24. The Vendor has not been involved in the day-to-day operations of the Manager other than having one nominee as a director of Soundvest.

25. Effective upon the closing of the Proposed Transaction, the Vendor's director nominee, Mr. Brian Hurley will resign his position as director of Soundvest. Mr. Kevin Charlebois and Mrs. Audrey Charlebois will continue to serve as directors of Soundvest.

26. Except for the previously announced termination of Soundvest Equity Fund, there is no current intention to:

(a) make any substantive changes as to how Soundvest operates or manages the Soundvest Funds;

(b) change the structures, investment objectives, investment strategies or valuation procedures of the Soundvest Funds;

(c) immediately following the Closing Date, or within a foreseeable period of time, change the investment fund manager, or portfolio manager of the Soundvest Funds;

(d) change the names or branding of Soundvest or the Soundvest Funds;

(e) change the fees and expenses that are charged to the Soundvest Funds;

(f) merge the Soundvest Funds;

(g) rationalize personnel or systems;

(h) except for the resignations of the Vendor's director nominee, change any of the directors, officers or employees involved in any of the day-to-day business, operations or affairs of Soundvest or the Soundvest Funds;

(i) make changes to fund accounting and other administrative functions undertaken by the current providers, both internal and external, to Soundvest or the Soundvest Funds; or

(j) make changes to the trustees or custodians of the Soundvest Funds.

27. The members of the Independent Review Committee (IRC) of the Soundvest Funds will cease to be IRC members upon completion of the Proposed Transaction by operation of section 3.10(1)(c) of National Instrument 81-107 Independent Review Committee for Investment Funds (NI 81-107). However, it is currently intended that immediately following the completion of the Proposed Transaction, the same members of the IRC will be re-appointed in accordance with NI 81-107.
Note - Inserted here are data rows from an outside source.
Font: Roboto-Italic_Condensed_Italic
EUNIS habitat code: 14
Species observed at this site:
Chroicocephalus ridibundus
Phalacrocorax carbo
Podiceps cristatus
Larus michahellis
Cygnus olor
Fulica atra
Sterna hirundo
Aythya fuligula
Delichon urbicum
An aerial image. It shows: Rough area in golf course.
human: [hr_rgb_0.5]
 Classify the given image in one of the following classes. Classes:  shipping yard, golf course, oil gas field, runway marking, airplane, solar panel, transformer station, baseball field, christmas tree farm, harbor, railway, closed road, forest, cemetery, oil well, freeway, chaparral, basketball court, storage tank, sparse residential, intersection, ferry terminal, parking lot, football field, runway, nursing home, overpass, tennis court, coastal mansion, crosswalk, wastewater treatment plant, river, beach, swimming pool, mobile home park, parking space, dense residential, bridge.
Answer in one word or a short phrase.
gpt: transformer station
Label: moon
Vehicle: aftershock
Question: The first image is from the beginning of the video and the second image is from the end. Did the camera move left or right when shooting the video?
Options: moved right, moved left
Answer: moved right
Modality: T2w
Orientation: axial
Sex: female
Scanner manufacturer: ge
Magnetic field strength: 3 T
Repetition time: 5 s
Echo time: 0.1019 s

28. The Proposed Transaction is not expected to impact the financial stability of Soundvest or its ability to fulfill its regulatory obligations.
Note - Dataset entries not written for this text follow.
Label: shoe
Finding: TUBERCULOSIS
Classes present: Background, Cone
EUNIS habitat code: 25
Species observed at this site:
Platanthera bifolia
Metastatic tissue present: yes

29. The Proposed Transaction will not have any impact on the securityholders' interest in the Soundvest Funds and securityholders are not required to take any action. The change of control of Soundvest, by itself, will not trigger any other material change to the Soundvest Funds.

Notice Requirement

30. As required by section 5.8(1) of NI 81-102, written notice (the Notice) regarding the Proposed Transaction was sent to each securityholder of the Soundvest Funds on April 23, 2018.

31. While the Proposed Transaction is pending, but not closed, there is uncertainty among securityholders of the Soundvest Funds and others regarding Soundvest. It is strongly preferable to close the Proposed Transaction promptly with an abridgement to the 60-day notice period and minimize this period of uncertainty.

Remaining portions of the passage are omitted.